### Task requirements
Show all lines of the entries in which the word "pattern" is found.

### Exercise data
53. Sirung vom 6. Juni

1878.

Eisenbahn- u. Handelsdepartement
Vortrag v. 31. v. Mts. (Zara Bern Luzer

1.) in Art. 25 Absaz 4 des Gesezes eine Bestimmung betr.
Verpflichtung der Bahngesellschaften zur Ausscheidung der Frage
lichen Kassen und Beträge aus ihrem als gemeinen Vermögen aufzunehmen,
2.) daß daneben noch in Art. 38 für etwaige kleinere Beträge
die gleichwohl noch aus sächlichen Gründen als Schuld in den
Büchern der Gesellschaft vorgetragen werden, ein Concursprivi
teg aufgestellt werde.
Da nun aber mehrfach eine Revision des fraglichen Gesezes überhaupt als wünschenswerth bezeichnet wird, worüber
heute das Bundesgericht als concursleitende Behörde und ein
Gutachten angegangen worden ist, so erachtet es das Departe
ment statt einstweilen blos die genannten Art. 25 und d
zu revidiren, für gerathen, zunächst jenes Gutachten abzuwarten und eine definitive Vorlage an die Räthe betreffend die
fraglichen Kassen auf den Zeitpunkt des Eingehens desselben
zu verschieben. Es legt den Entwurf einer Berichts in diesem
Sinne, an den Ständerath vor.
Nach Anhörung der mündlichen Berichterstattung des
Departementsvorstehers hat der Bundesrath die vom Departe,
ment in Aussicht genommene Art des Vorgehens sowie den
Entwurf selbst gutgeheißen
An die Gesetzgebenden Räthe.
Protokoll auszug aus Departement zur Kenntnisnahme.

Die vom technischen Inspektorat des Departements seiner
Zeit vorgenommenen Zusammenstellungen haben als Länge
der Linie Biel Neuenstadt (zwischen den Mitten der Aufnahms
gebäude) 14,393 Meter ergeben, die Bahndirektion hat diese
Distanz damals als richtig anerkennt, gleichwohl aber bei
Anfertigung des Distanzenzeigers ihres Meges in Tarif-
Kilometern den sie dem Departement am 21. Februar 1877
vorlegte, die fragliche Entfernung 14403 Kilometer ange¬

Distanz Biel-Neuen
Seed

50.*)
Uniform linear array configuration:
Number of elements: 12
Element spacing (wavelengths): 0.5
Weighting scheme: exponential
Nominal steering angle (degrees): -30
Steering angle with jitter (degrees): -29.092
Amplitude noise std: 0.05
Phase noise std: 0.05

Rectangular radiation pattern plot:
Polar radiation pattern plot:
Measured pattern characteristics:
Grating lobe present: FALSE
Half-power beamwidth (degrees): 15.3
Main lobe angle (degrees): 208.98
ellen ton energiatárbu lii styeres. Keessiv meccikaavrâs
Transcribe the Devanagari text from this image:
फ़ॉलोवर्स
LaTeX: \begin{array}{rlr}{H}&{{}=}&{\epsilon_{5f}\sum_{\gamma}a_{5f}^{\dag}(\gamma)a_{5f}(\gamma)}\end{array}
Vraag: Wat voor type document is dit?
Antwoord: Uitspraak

### Task answer
Rectangular radiation pattern plot:
Polar radiation pattern plot:
Measured pattern characteristics:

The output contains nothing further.